Because the primary mission of both offices is not insurance-
related, the OTR methodology assigns a zero percent insurance-related
allocation for these offices as a starting point. However, a segment of
each office's responsibilities is related to insurance. For instance,
applications for charter expansions involve risk to both FICUs and the
Share Insurance Fund and drive a slightly higher allocation than the
initial zero percent. OCFP responds to insurance-related inquiries from
credit union members and the public and this, in turn, drives a
slightly higher allocation than the initial zero percent. Thus, each
office tracks its insurance-related time and adjusts the zero percent
allocation factor accordingly.
It is important to distinguish between setting policy and programs
for consumer compliance rules and regulations (performed by OCFP) and
assessing a FICU's compliance with consumer protection laws and
regulations. The NCUA performs the latter along with the normal
examination process, and the time for these reviews is factored into
the 50 percent allocation for FCUs and 100 percent allocation for
FISCUs as per Principles 1 and 2. The former, as discussed, is
accounted for as per Principle 3.
4. 100 percent insurance-related--The sole function of the NCUA's
Asset Management Assistance Center (AMAC) is insurance related. AMAC
manages liquidation payouts and assets acquired from liquidations on
behalf of the Share Insurance Fund, so its OTR allocation factor is 100
percent insurance related.
The Board welcomes all comments regarding all aspects of the OTR
methodology, but specifically invites comments on the four principles
used to calculate the OTR discussed in the preceding paragraphs.

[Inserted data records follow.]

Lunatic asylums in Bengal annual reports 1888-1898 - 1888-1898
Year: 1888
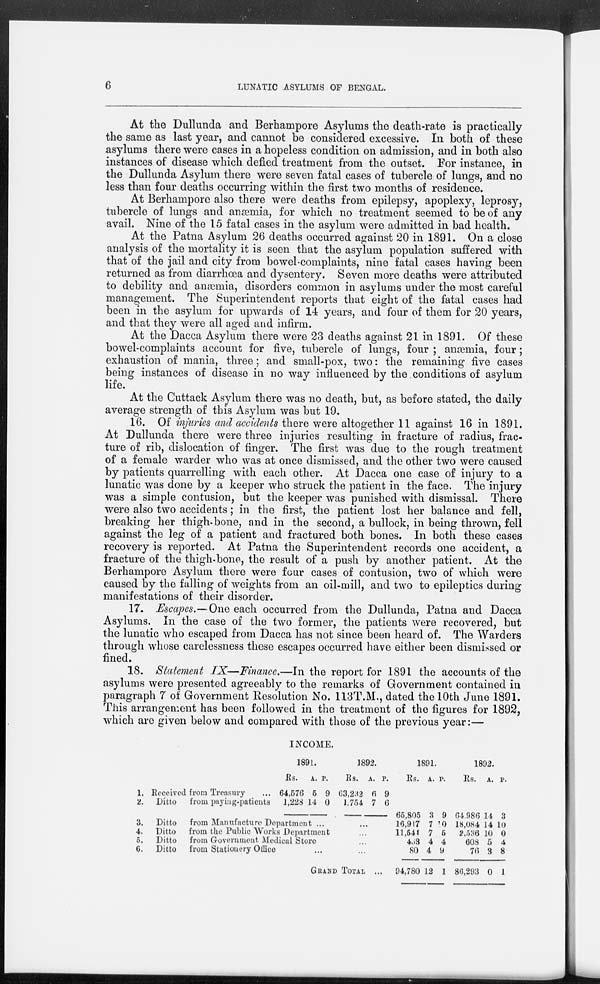
6
LUNATIC ASYLUMS OF BENGAL.
At the Dullunda and Berhampore Asylums the death-rate is practically
the same as last year, and cannot be considered excessive. In both of these
asylums there were cases in a hopeless condition on admission, and in both also
instances of disease which defied treatment from the outset. For instance, in
the Dullunda Asylum there were seven fatal cases of tubercle of lungs, and no
less than four deaths occurring within the first two months of residence.
At Berhampore also there were deaths from epilepsy, apoplexy, leprosy,
tubercle of lungs and anæmia, for which no treatment seemed to be of any
avail. Nine of the 15 fatal cases in the asylum were admitted in bad health.
At the Patna Asylum 26 deaths occurred against 20 in 1891. On a close
analysis of the mortality it is seen that the asylum population suffered with
that of the jail and city from bowel-complaints, nine fatal cases having been
returned as from diarrhœa and dysentery. Seven more deaths were attributed
to debility and anæmia, disorders common in asylums under the most careful
management. The Superintendent reports that eight of the fatal cases had
been in the asylum for upwards of 14 years, and four of them for 20 years,
and that they were all aged and infirm.
At the Dacca Asylum there were 23 deaths against 21 in 1891. Of these
bowel-complaints account for five, tubercle of lungs, four ; anæmia, four;
exhaustion of mania, three; and small-pox, two: the remaining five cases
being instances of disease in no way influenced by the conditions of asylum
life.
At the Cuttack Asylum there was no death, but, as before stated, the daily
average strength of this Asylum was but 19.
16. Of injuries and accidents there were altogether 11 against 16 in 1891.
At Dullunda there were three injuries resulting in fracture of radius, frac-
ture of rib, dislocation of finger. The first was due to the rough treatment
of a female warder who was at once dismissed, and the other two were caused
by patients quarrelling with each other. At Dacca one case of injury to a
lunatic was done by a keeper who struck the patient in the face. The injury
was a simple contusion, but the keeper was punished with dismissal. There
were also two accidents; in the first, the patient lost her balance and fell,
breaking her thigh-bone, and in the second, a bullock, in being thrown, fell
against the leg of a patient and fractured both bones. In both these cases
recovery is reported. At Patna the Superintendent records one accident, a
fracture of the thigh-bone, the result of a push by another patient. At the
Berhampore Asylum there were four cases of contusion, two of which were
caused by the falling of weights from an oil-mill, and two to epileptics during
manifestations of their disorder.
17. Escapes.—One each occurred from the Dullunda, Patna and Dacca
Asylums. In the case of the two former, the patients were recovered, but
the lunatic who escaped from Dacca has not since been heard of. The Warders
through whose carelessness these escapes occurred have either been dismissed or
fined.
18. Statement IX—Finance.—In the report for 1891 the accounts of the
asylums were presented agreeably to the remarks of Government contained in
paragraph 7 of Government Resolution No. 113T.M., dated the 10th June 1891.
This arrangement has been followed in the treatment of the figures for 1892,
which are given below and compared with those of the previous year:—
INCOME.
1.
2.
3.
4.
5.
6.
Received from Treasury ...
Ditto
from paying-patients
1891.
Rs.
64,576
1,228
A.
5
14
P.
9
0
1892.
Rs.
63,232
1,754
A.
6
7
P.
9
6
Ditto
from Manufacture Department ... ...
Ditto
from the Public Works Department ...
Ditto
from Government Medical Store ...
Ditto
from Stationery Office ... ...
GRAND TOTAL ...
1891.
Rs.
65,805
16,917
11,544
453
80
94,780
A.
3
7
7
4
4
12
P.
9
10
5
4
9
1
1892.
Rs.
64,986
18,084
2,536
608
76
86,293
A.
14
14
10
5
3
0
P.
3
10
0
4
8
1

Overhead Transfer Rate Methodology
To calculate the OTR, the four principles outlined previously are
applied to the activities and costs of the agency to arrive at the
portion of the agency's budget to be charged to the Share Insurance
Fund.
Step 1--Workload Program
Annually, the NCUA develops a workload budget based on the NCUA's
examination and supervision program to execute the agency's core
mission. The workload budget reflects the needed time to examine and
supervise FICUs, along with other related activities and, thus, the
level of field staff needed to implement the exam program. Applying
Principles 1, 2, and 3 (those relevant to the workload budget) to the
applicable elements of the workload budget results in a composite rate
that reflects the portion of the agency's overall insurance-related
mission program activities.
Step 2--Annual Budget
The annual budget represents the costs of the activities associated
with achieving the strategic goals and objectives set forth in the
NCUA's Strategic Plan. The annual budget is based on agency priorities
and initiatives that drive resulting resource needs and allocations.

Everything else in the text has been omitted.